The raw sewage influent was found to contain steroidal estrogens; 17βestradiol (E2),
estrone (E1) and estriol (E3) as well as synthetic phenolic xenoestrogens; 4-tertoctylphenol,
Bisphenol A and technical nonylphenol at concentrations commonly found
in sewage influents. The influent also displayed high levels of activity in the two-hybrid
yeast in vitro bioassay. However, the final effluent had no detectable concentrations of
steroidal estrogens, no estrogenic activity in the two-hybrid yeast assay and only
infrequent occurrence of low concentrations of synthetic phenols. Biodegradation by
activated sludge treatment provided significant, but incomplete removal of measured
EDCs and estrogenic activity, with the in-line combination of ozone oxidation and
biologically activated carbon filtration reducing the remaining estrogenic activity to
undetectable levels. EDCs in both the dissolved and particulate phases of the effluent
were removed by the treatment process and the efficacy of treatment was not
compromised by increases in influent flow during the peak holiday seasons.
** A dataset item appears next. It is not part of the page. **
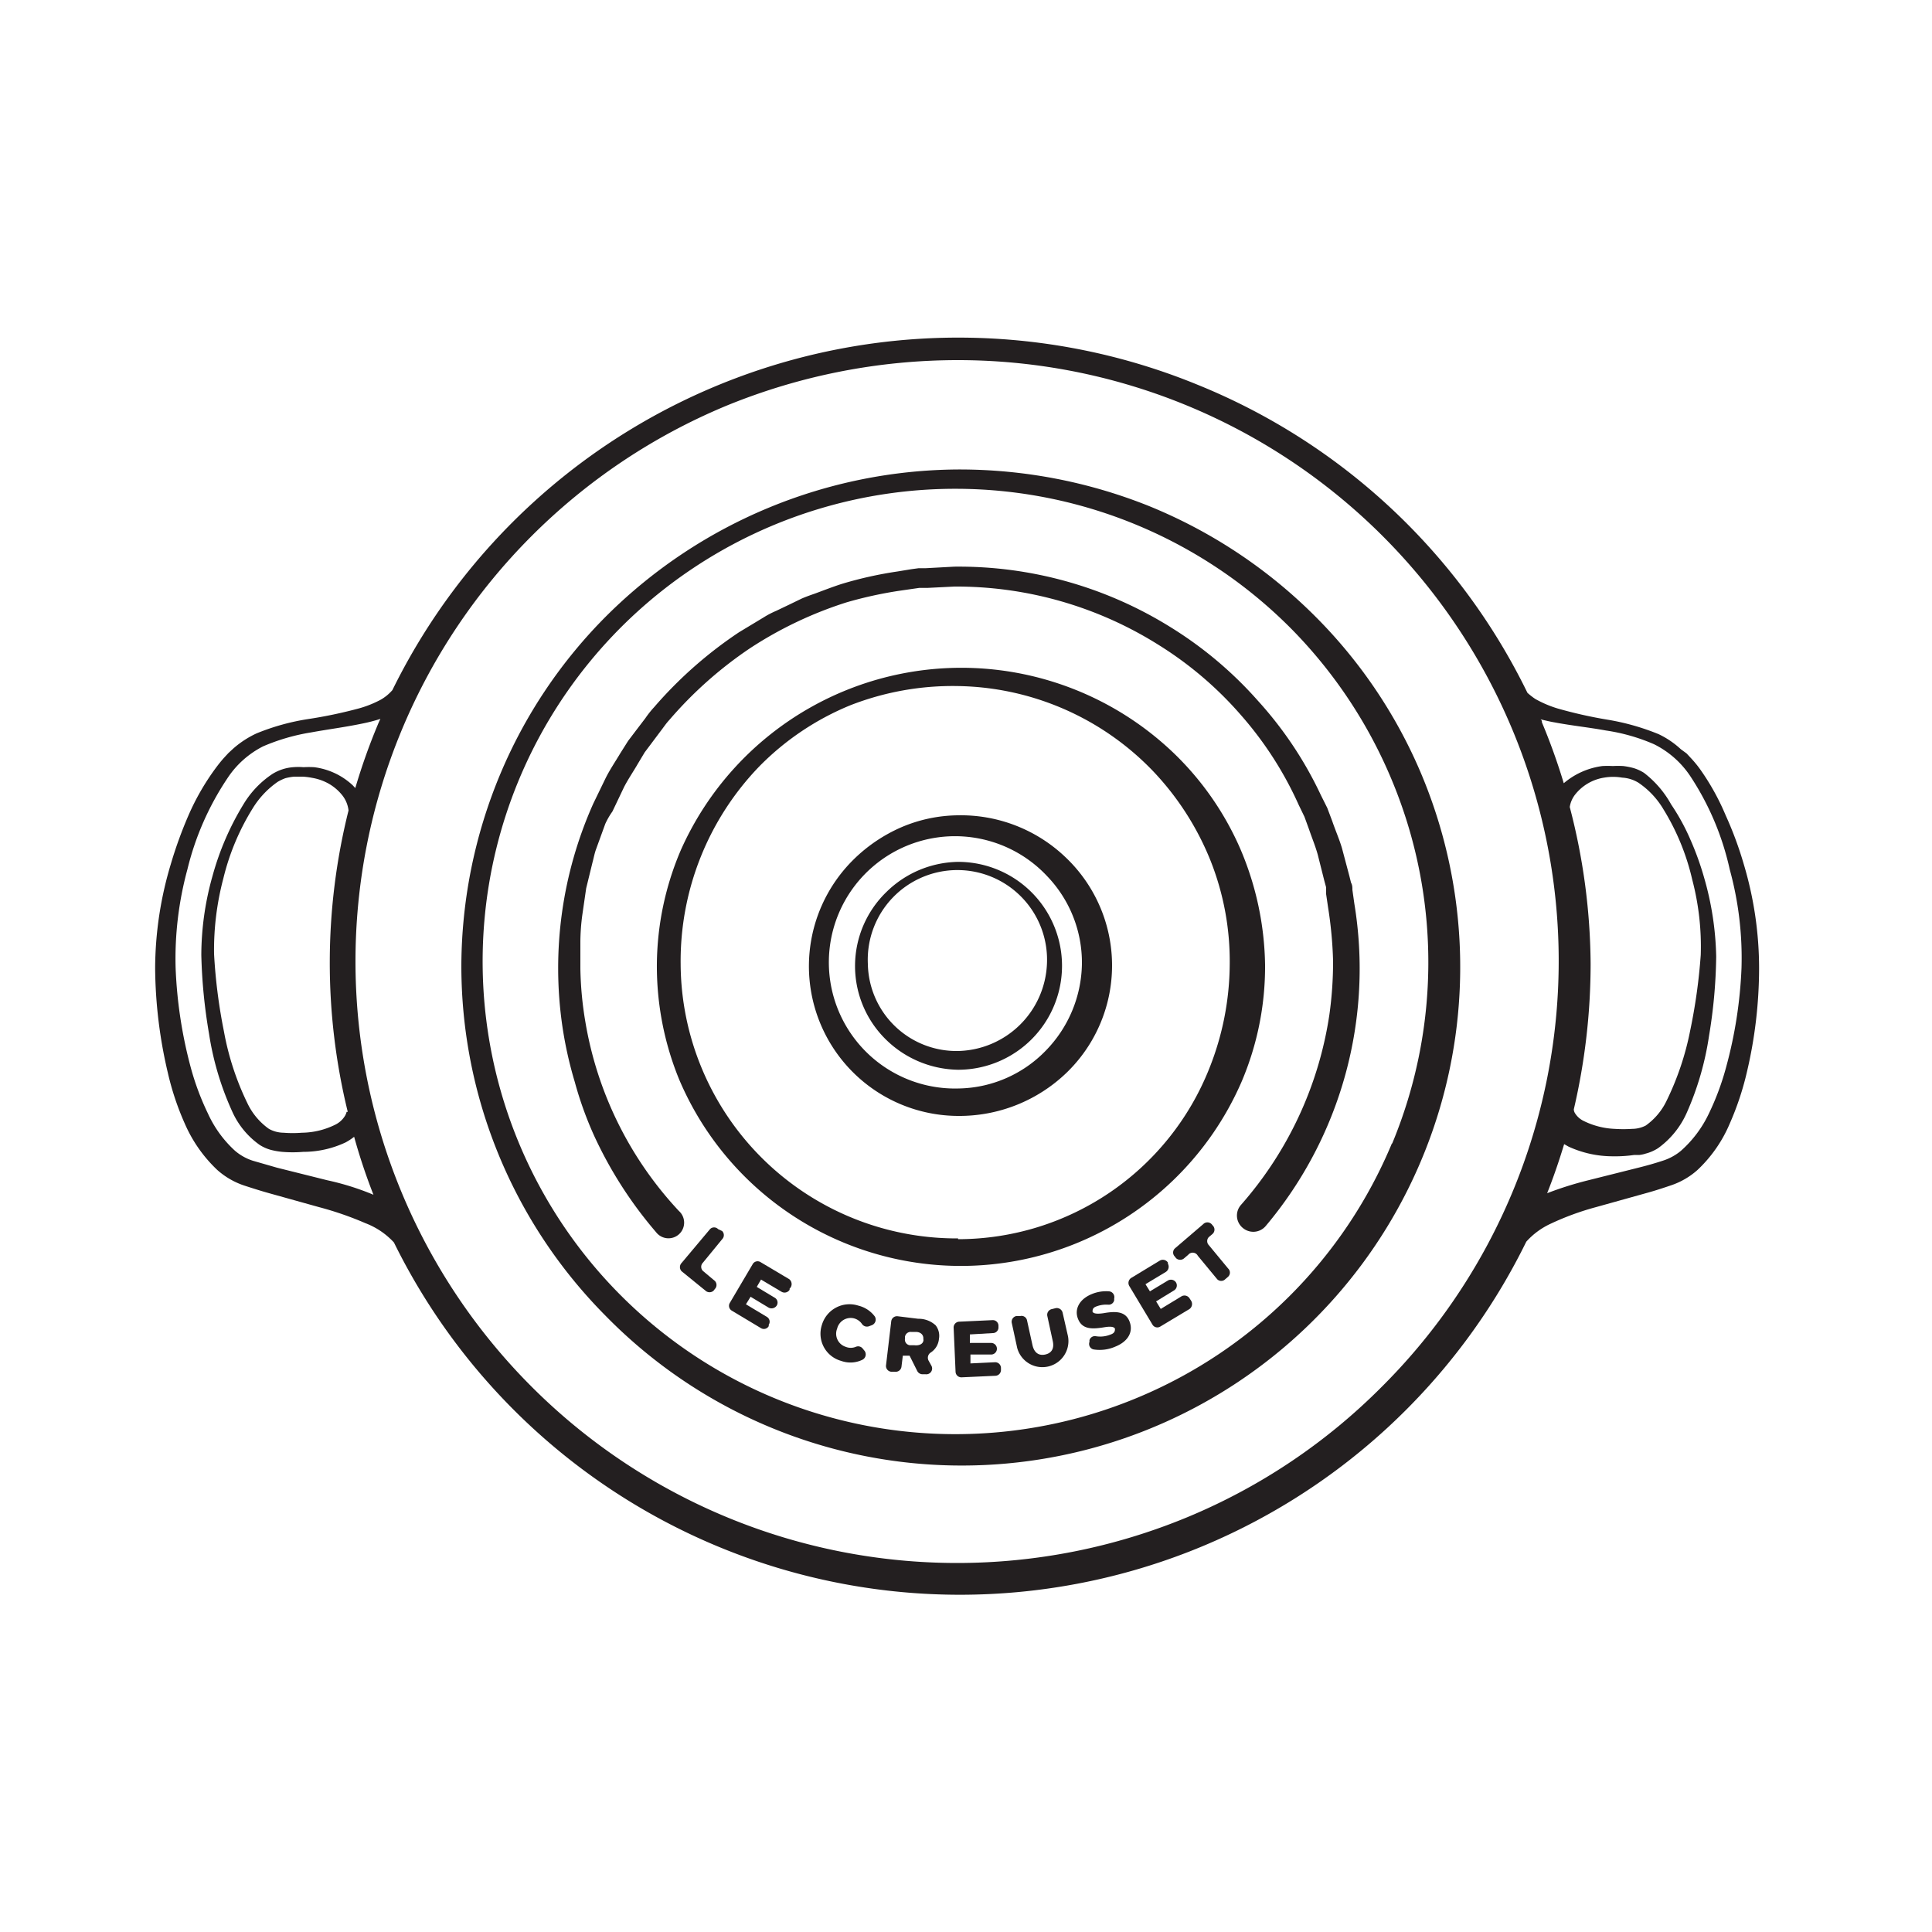 <svg id="Layer_1" data-name="Layer 1" xmlns="http://www.w3.org/2000/svg" viewBox="0 0 100 100"><path d="M67.85,31.68a26,26,0,0,0-8.41-5.5,26.37,26.37,0,0,0-9.85-1.88,26,26,0,0,0-18.13,7.51,25.51,25.51,0,0,0-5.58,8.29,25.91,25.91,0,0,0-2,9.79,25.69,25.69,0,0,0,7.45,18.2A25.8,25.8,0,0,0,73.54,40,25.58,25.58,0,0,0,67.85,31.68Zm4.2,27.49A24.43,24.43,0,0,1,58.91,72.33a24.47,24.47,0,0,1-32.1-31.85A24.47,24.47,0,0,1,49.59,25.3a24.49,24.49,0,0,1,17.32,7.32,24.62,24.62,0,0,1,5.23,8,24.46,24.46,0,0,1-.09,18.59Z" fill="#231f20"/><path d="M70,46.06c0-.12,0-.25-.07-.37l-.09-.36-.38-1.43c-.14-.47-.34-.92-.5-1.39l-.26-.69-.33-.66a19.69,19.69,0,0,0-3.27-4.9,20.18,20.18,0,0,0-4.5-3.79,20.74,20.74,0,0,0-11.21-3.14l-1.47.08-.37,0-.37.05-.73.12a20.16,20.16,0,0,0-2.87.64c-.47.15-.93.33-1.39.5-.23.08-.46.16-.69.26l-.66.32-.67.32a4.48,4.48,0,0,0-.65.34l-1.26.76a21.68,21.68,0,0,0-4.4,3.88,5.09,5.09,0,0,0-.46.58l-.45.59-.44.58L32.1,39c-.25.42-.53.83-.75,1.27l-.64,1.32a20.87,20.87,0,0,0-1.6,11.54A20.43,20.43,0,0,0,29.75,56a18.61,18.61,0,0,0,1,2.78,21.36,21.36,0,0,0,3.21,5l0,0a.81.81,0,1,0,1.18-1.1h0a18.89,18.89,0,0,1-4.84-9.78,18.16,18.16,0,0,1-.26-2.76c0-.47,0-.93,0-1.39a10.83,10.83,0,0,1,.1-1.39l.2-1.38.33-1.35c.06-.22.1-.45.18-.67l.24-.66.24-.66A3.9,3.9,0,0,1,31.7,42l.6-1.26c.21-.41.48-.8.71-1.2l.36-.6.42-.56.42-.56c.14-.18.27-.38.43-.55a20.76,20.76,0,0,1,4.17-3.71,20.3,20.3,0,0,1,5-2.38,21.09,21.09,0,0,1,2.73-.6l.69-.1.35-.05H48l1.4-.07A19.67,19.67,0,0,1,60,33.4,18.78,18.78,0,0,1,64.22,37a18.5,18.5,0,0,1,3,4.66l.3.62.24.66c.15.44.33.87.45,1.31l.34,1.35.09.33c0,.12,0,.23,0,.35l.1.68A21.23,21.23,0,0,1,69,49.74a19.73,19.73,0,0,1-.19,2.77,19.18,19.18,0,0,1-4.59,9.87l0,0a.83.83,0,0,0,.11,1.18.84.84,0,0,0,1.19-.11,20.68,20.68,0,0,0,4.58-16.68Z" fill="#231f20"/><path d="M64.26,56a15.19,15.19,0,0,0,1.22-6.06,15.83,15.83,0,0,0-1.28-6,15.4,15.4,0,0,0-3.49-5A15.89,15.89,0,0,0,35.24,44,15.31,15.31,0,0,0,34,49.89a15.48,15.48,0,0,0,1.16,6A15.84,15.84,0,0,0,64.26,56ZM49.59,64.1a14.29,14.29,0,0,1-13.24-8.74,14.23,14.23,0,0,1-1.12-5.47,14.51,14.51,0,0,1,4.09-10.24A14.1,14.1,0,0,1,44,36.51a14.56,14.56,0,0,1,5.56-1,14.3,14.3,0,0,1,10.09,4.37,14.59,14.59,0,0,1,3,4.65,14.11,14.11,0,0,1,1,5.4,14.73,14.73,0,0,1-1.06,5.38,14,14,0,0,1-13,8.83Z" fill="#231f20"/><path d="M49.59,42.2a7.63,7.63,0,0,0-2.94.62,8.16,8.16,0,0,0-2.47,1.67,7.75,7.75,0,0,0,5.41,13.27,8,8,0,0,0,5.63-2.25,7.72,7.72,0,0,0-.08-11.15A7.84,7.84,0,0,0,49.59,42.2Zm4.52,12.2a6.42,6.42,0,0,1-4.52,1.94,6.53,6.53,0,1,1,4.6-11A6.46,6.46,0,0,1,56,49.89,6.56,6.56,0,0,1,54.11,54.4Z" fill="#231f20"/><path d="M49.59,44.61a5.4,5.4,0,0,0-3.72,1.57,5.33,5.33,0,0,0-.11,7.53,5.44,5.44,0,0,0,3.83,1.66,5.38,5.38,0,1,0,0-10.76Zm0,9.79a4.59,4.59,0,0,1-4.67-4.51,4.64,4.64,0,1,1,9.27,0A4.71,4.71,0,0,1,49.59,54.4Z" fill="#231f20"/><path d="M90.26,44.74a18.85,18.85,0,0,0-.94-2.54A12.46,12.46,0,0,0,88,39.82a5.75,5.75,0,0,0-.44-.54L87.3,39,87,38.78A4.56,4.56,0,0,0,85.85,38a12.22,12.22,0,0,0-2.65-.75,23.1,23.1,0,0,1-2.58-.58,5.69,5.69,0,0,1-1.15-.49,3.43,3.43,0,0,1-.41-.32A32.62,32.62,0,0,0,62,19.92a32.64,32.64,0,0,0-41.69,15.8,2.33,2.33,0,0,1-.61.5,5.48,5.48,0,0,1-1.17.46,23.75,23.75,0,0,1-2.59.54,11.73,11.73,0,0,0-2.66.74,5,5,0,0,0-1.2.78l-.26.24-.24.26c-.16.18-.3.36-.44.55a12.55,12.55,0,0,0-1.37,2.38,21.78,21.78,0,0,0-.93,2.56,18.87,18.87,0,0,0-.81,5.39,24.28,24.28,0,0,0,.66,5.42,14.26,14.26,0,0,0,.88,2.63,7.28,7.28,0,0,0,1.68,2.39,4,4,0,0,0,1.38.8c.43.14.87.28,1.3.4l2.58.72a16.92,16.92,0,0,1,2.4.83,3.89,3.89,0,0,1,1.48,1A32.65,32.65,0,0,0,79,64.27a3.86,3.86,0,0,1,1.24-.92,14.14,14.14,0,0,1,2.37-.87l2.58-.72c.44-.12.87-.26,1.31-.41a3.93,3.93,0,0,0,1.37-.8,7.07,7.07,0,0,0,1.66-2.39,15,15,0,0,0,.88-2.63,23.53,23.53,0,0,0,.64-5.41A18.8,18.8,0,0,0,90.26,44.74ZM16.94,61.09l-2.6-.65-1.25-.36a2.68,2.68,0,0,1-.93-.52,5.93,5.93,0,0,1-1.4-1.93,13.65,13.65,0,0,1-.89-2.39,23.31,23.31,0,0,1-.78-5.14A17.61,17.61,0,0,1,9.7,45a14.68,14.68,0,0,1,2.08-4.73,4.81,4.81,0,0,1,1.84-1.64,10.47,10.47,0,0,1,2.48-.72c.87-.16,1.75-.27,2.66-.46a8.49,8.49,0,0,0,.93-.24c-.05.1-.1.21-.14.31a31.75,31.75,0,0,0-1.16,3.27l-.13-.14a3.58,3.58,0,0,0-2-.94,4.91,4.91,0,0,0-.55,0,3.27,3.27,0,0,0-.54,0,2.37,2.37,0,0,0-1.07.35,4.93,4.93,0,0,0-1.48,1.54A14.4,14.4,0,0,0,11,45.34a15.14,15.14,0,0,0-.58,4.09,27.77,27.77,0,0,0,.4,4.08,15.23,15.23,0,0,0,1.19,4,4.23,4.23,0,0,0,1.43,1.75,2.08,2.08,0,0,0,.59.26,3.72,3.72,0,0,0,.58.1,6.51,6.51,0,0,0,1.08,0,5.16,5.16,0,0,0,2.2-.49,3,3,0,0,0,.44-.29,30.44,30.44,0,0,0,1,3A13.74,13.74,0,0,0,16.94,61.09Zm1-3.54a.7.7,0,0,1-.08.2,1.21,1.21,0,0,1-.52.47,4,4,0,0,1-1.72.41,5.88,5.88,0,0,1-.94,0,1.6,1.6,0,0,1-.76-.2,3.42,3.42,0,0,1-1.12-1.34,14.29,14.29,0,0,1-1.21-3.71,27.91,27.91,0,0,1-.51-4,14.45,14.45,0,0,1,.48-3.91,12.37,12.37,0,0,1,1.52-3.63,4.59,4.59,0,0,1,1.29-1.37,2.42,2.42,0,0,1,.4-.19,2.79,2.79,0,0,1,.45-.08c.15,0,.31,0,.46,0a3.55,3.55,0,0,1,.47.06,2.67,2.67,0,0,1,.86.3,2.44,2.44,0,0,1,.67.56,1.54,1.54,0,0,1,.36.83A32.48,32.48,0,0,0,18,57.55ZM71.53,71.77a30.88,30.88,0,0,1-10.05,6.75A31.14,31.14,0,1,1,37.6,21a31.59,31.59,0,0,1,12-2.36A31.1,31.1,0,0,1,71.53,71.77Zm10.8-21.88a32.74,32.74,0,0,0-1.08-8.12,1.4,1.4,0,0,1,.26-.62,2.38,2.38,0,0,1,1.52-.9,2.72,2.72,0,0,1,.93,0,1.81,1.81,0,0,1,.84.26,4.31,4.31,0,0,1,1.3,1.38,12.1,12.1,0,0,1,1.49,3.64,13.59,13.59,0,0,1,.44,3.9,29.25,29.25,0,0,1-.55,3.93A14.68,14.68,0,0,1,86.25,57a3.32,3.32,0,0,1-1.07,1.26,1.56,1.56,0,0,1-.7.17,6.93,6.93,0,0,1-.91,0A4,4,0,0,1,81.93,58a1.08,1.08,0,0,1-.42-.4.41.41,0,0,1-.05-.18A33.24,33.24,0,0,0,82.33,49.89Zm7.81.21a22.93,22.93,0,0,1-.8,5.15,13.65,13.65,0,0,1-.89,2.39A6,6,0,0,1,87,59.57a2.79,2.79,0,0,1-.94.51q-.61.2-1.26.36l-2.59.65a18,18,0,0,0-2.13.67c.33-.83.62-1.68.88-2.54l.23.13a5.48,5.48,0,0,0,2.29.5,6.9,6.9,0,0,0,1.11-.07l.27,0a1.56,1.56,0,0,0,.32-.07,2.18,2.18,0,0,0,.64-.28,4.5,4.5,0,0,0,1.48-1.82,15.33,15.33,0,0,0,1.16-4,26.7,26.7,0,0,0,.37-4.1,15.72,15.72,0,0,0-.63-4.1,15,15,0,0,0-.7-1.94,11.07,11.07,0,0,0-1-1.83A5.28,5.28,0,0,0,85.09,40a2.25,2.25,0,0,0-.52-.24,3.82,3.82,0,0,0-.55-.11,4.75,4.75,0,0,0-.54,0,4.93,4.93,0,0,0-.54,0,3.86,3.86,0,0,0-2,.89,31.92,31.92,0,0,0-1.13-3.15c0-.06,0-.11-.08-.16.25.06.49.12.73.16.9.17,1.79.26,2.66.42a9.78,9.78,0,0,1,2.49.71,4.83,4.83,0,0,1,1.87,1.64A14.36,14.36,0,0,1,89.53,45,17.3,17.3,0,0,1,90.14,50.1Z" fill="#231f20"/><path d="M37.17,63.62a.29.29,0,0,0-.42,0l-1.47,1.75a.31.31,0,0,0,0,.43l1.23,1a.31.31,0,0,0,.43,0l.06-.08a.3.3,0,0,0,0-.42l-.62-.52a.3.3,0,0,1,0-.42l1-1.22a.3.3,0,0,0,0-.42Z" fill="#231f20"/><path d="M40.85,66.21l-1.48-.88a.29.29,0,0,0-.41.1l-1.18,2a.29.29,0,0,0,.1.41l1.5.9a.29.29,0,0,0,.41-.1l0-.07a.29.29,0,0,0-.1-.41l-1.08-.65.24-.39.93.56a.32.32,0,0,0,.42-.1v0a.29.29,0,0,0-.1-.41l-.93-.56.22-.38,1.06.63a.31.31,0,0,0,.42-.1l0-.06A.32.32,0,0,0,40.85,66.21Z" fill="#231f20"/><path d="M44.43,67.58a1.49,1.49,0,0,0-1.89,1h0a1.46,1.46,0,0,0,1,1.86,1.41,1.41,0,0,0,1.1-.06.31.31,0,0,0,.11-.46l-.09-.11a.3.3,0,0,0-.36-.1.69.69,0,0,1-.53,0,.71.71,0,0,1-.44-.94h0a.72.72,0,0,1,.88-.53.73.73,0,0,1,.4.28.31.31,0,0,0,.36.13l.16-.06a.31.31,0,0,0,.15-.45A1.51,1.51,0,0,0,44.43,67.58Z" fill="#231f20"/><path d="M47.53,68.26l-1.06-.13a.3.3,0,0,0-.34.26l-.27,2.28a.3.3,0,0,0,.26.33l.2,0a.3.3,0,0,0,.34-.26l.07-.57.35,0,.4.8a.31.31,0,0,0,.24.16l.18,0a.3.3,0,0,0,.31-.44l-.15-.27a.32.32,0,0,1,.11-.41.94.94,0,0,0,.43-.71h0a.88.88,0,0,0-.17-.7A1.29,1.29,0,0,0,47.53,68.26Zm.27,1.08c0,.21-.2.32-.47.29l-.23,0a.29.29,0,0,1-.26-.33v-.1a.3.3,0,0,1,.33-.26l.23,0c.26,0,.42.16.39.39Z" fill="#231f20"/><path d="M51.48,70.51l-1.25.06,0-.46,1.09,0a.3.3,0,0,0,.28-.31v0a.3.3,0,0,0-.31-.29l-1.09,0,0-.44L51.39,69a.29.29,0,0,0,.29-.31v-.08a.29.29,0,0,0-.31-.28l-1.73.08a.3.3,0,0,0-.28.31l.1,2.29a.3.3,0,0,0,.32.28l1.74-.08a.3.3,0,0,0,.29-.31V70.8A.3.3,0,0,0,51.48,70.51Z" fill="#231f20"/><path d="M55,67.94a.31.31,0,0,0-.36-.23l-.2.05a.3.3,0,0,0-.23.36l.28,1.29c.09.4-.07.63-.39.7s-.57-.08-.66-.49l-.28-1.27a.29.29,0,0,0-.36-.23l-.2,0a.3.3,0,0,0-.23.36l.28,1.29a1.35,1.35,0,0,0,2.63-.6Z" fill="#231f20"/><path d="M58.46,68.39c-.2-.5-.67-.54-1.34-.42-.41.06-.52,0-.57-.07h0c0-.1,0-.21.2-.28a1.43,1.43,0,0,1,.6-.09.29.29,0,0,0,.32-.23l0-.09a.3.3,0,0,0-.26-.37,1.94,1.94,0,0,0-.92.15c-.64.27-.89.79-.69,1.28h0c.22.55.73.53,1.35.43.41-.07.52,0,.56.07h0c0,.11,0,.23-.24.31a1.4,1.4,0,0,1-.76.08.29.29,0,0,0-.32.21l0,.09a.29.29,0,0,0,.24.39,2,2,0,0,0,1.1-.15c.65-.26.95-.76.73-1.31Z" fill="#231f20"/><path d="M61.57,67.2a.31.31,0,0,0-.42-.1l-1.07.65-.24-.39.93-.57a.3.3,0,0,0,.1-.41v0a.31.31,0,0,0-.42-.1l-.93.56-.23-.37,1.06-.64a.32.32,0,0,0,.1-.42l0-.06a.31.31,0,0,0-.42-.1l-1.47.89a.31.31,0,0,0-.11.42l1.2,2a.29.29,0,0,0,.41.1l1.5-.9a.32.32,0,0,0,.1-.42Z" fill="#231f20"/><path d="M62.57,64.45a.3.3,0,0,1,0-.42l.2-.17a.3.3,0,0,0,0-.43l-.06-.07a.3.3,0,0,0-.43,0l-1.47,1.26a.29.29,0,0,0,0,.42l.06.08a.31.31,0,0,0,.43,0l.2-.17A.3.3,0,0,1,62,65l1,1.21a.29.29,0,0,0,.42,0l.15-.13a.29.29,0,0,0,0-.42Z" fill="#231f20"/></svg>

Treatment
of the effluent at the GGSTP was also successful at reducing retinoic acid receptor
(RAR) activity and genotoxicity to below detection limits and greatly reducing
arylhydrocarbon receptor (AhR) activity.
On-site real-time exposure tests using the mosquitofish (Gambusia holbrooki) and
rainbowfish (Melanotaenia fluviatilis) demonstrated that the final effluent did not elicit
up-regulation of vitellogenin, a well known biomarker of exposure to estrogenic EDCs.
Despite the presence of residual concentrations of E1 and the in vitro activity in effluent
after being processed through activated sludge treatment, clarification and
sandfiltration, vitellogenin up-regulation was not detected in fish exposed to this
partially treated effluent. Overall, the results provide evidence that the application of
advanced tertiary treatment technology to domestic sewage can produce a final effluent
that is unlikely to pose an endocrine disruption risk to the aquatic biota.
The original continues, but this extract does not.